─── MATERIAL FOR THIS TASK

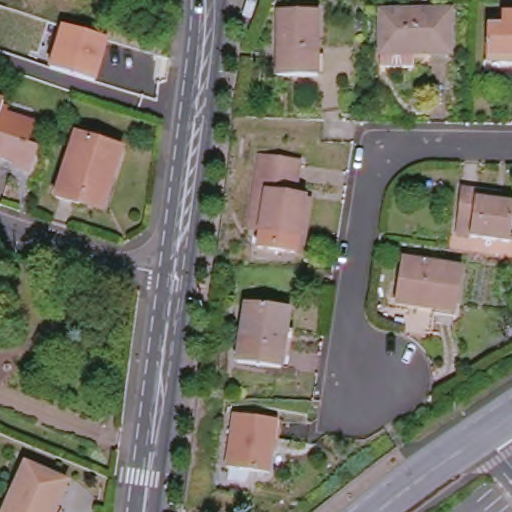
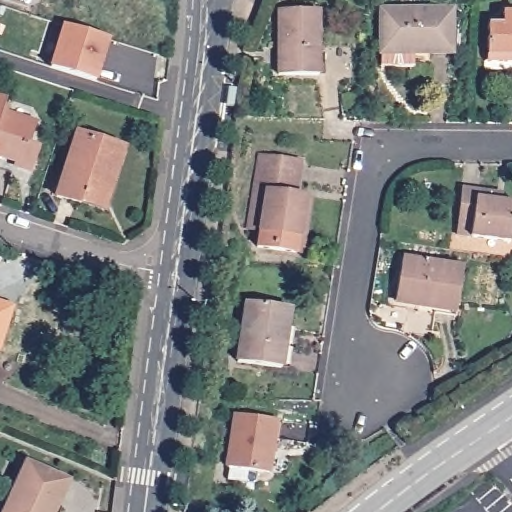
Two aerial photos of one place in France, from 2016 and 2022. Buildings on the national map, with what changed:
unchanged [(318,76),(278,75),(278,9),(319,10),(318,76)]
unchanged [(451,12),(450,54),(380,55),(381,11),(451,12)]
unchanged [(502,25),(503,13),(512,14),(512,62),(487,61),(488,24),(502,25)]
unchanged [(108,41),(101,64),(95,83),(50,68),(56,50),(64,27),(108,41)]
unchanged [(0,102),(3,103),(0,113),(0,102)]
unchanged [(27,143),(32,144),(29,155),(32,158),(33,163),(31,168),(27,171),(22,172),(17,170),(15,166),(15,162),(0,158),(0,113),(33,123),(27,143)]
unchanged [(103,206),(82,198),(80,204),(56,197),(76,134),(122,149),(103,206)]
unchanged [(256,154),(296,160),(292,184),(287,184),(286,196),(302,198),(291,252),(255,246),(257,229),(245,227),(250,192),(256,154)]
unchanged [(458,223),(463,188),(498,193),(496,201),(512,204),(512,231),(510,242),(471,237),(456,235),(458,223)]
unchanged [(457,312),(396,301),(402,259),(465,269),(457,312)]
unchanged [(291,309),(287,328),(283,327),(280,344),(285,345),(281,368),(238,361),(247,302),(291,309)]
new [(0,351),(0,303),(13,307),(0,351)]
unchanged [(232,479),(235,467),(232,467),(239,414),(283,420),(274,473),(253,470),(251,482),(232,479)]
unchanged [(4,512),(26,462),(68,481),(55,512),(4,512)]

──────

# PROBLEM REQUIREMENTS:
I need the entries printed exactly, with each picture left out.

# EXERCISE ANSWER:
Two aerial photos of one place in France, from 2016 and 2022. Buildings on the national map, with what changed:
unchanged [(318,76),(278,75),(278,9),(319,10),(318,76)]
unchanged [(451,12),(450,54),(380,55),(381,11),(451,12)]
unchanged [(502,25),(503,13),(512,14),(512,62),(487,61),(488,24),(502,25)]
unchanged [(108,41),(101,64),(95,83),(50,68),(56,50),(64,27),(108,41)]
unchanged [(0,102),(3,103),(0,113),(0,102)]
unchanged [(27,143),(32,144),(29,155),(32,158),(33,163),(31,168),(27,171),(22,172),(17,170),(15,166),(15,162),(0,158),(0,113),(33,123),(27,143)]
unchanged [(103,206),(82,198),(80,204),(56,197),(76,134),(122,149),(103,206)]
unchanged [(256,154),(296,160),(292,184),(287,184),(286,196),(302,198),(291,252),(255,246),(257,229),(245,227),(250,192),(256,154)]
unchanged [(458,223),(463,188),(498,193),(496,201),(512,204),(512,231),(510,242),(471,237),(456,235),(458,223)]
unchanged [(457,312),(396,301),(402,259),(465,269),(457,312)]
unchanged [(291,309),(287,328),(283,327),(280,344),(285,345),(281,368),(238,361),(247,302),(291,309)]
new [(0,351),(0,303),(13,307),(0,351)]
unchanged [(232,479),(235,467),(232,467),(239,414),(283,420),(274,473),(253,470),(251,482),(232,479)]
unchanged [(4,512),(26,462),(68,481),(55,512),(4,512)]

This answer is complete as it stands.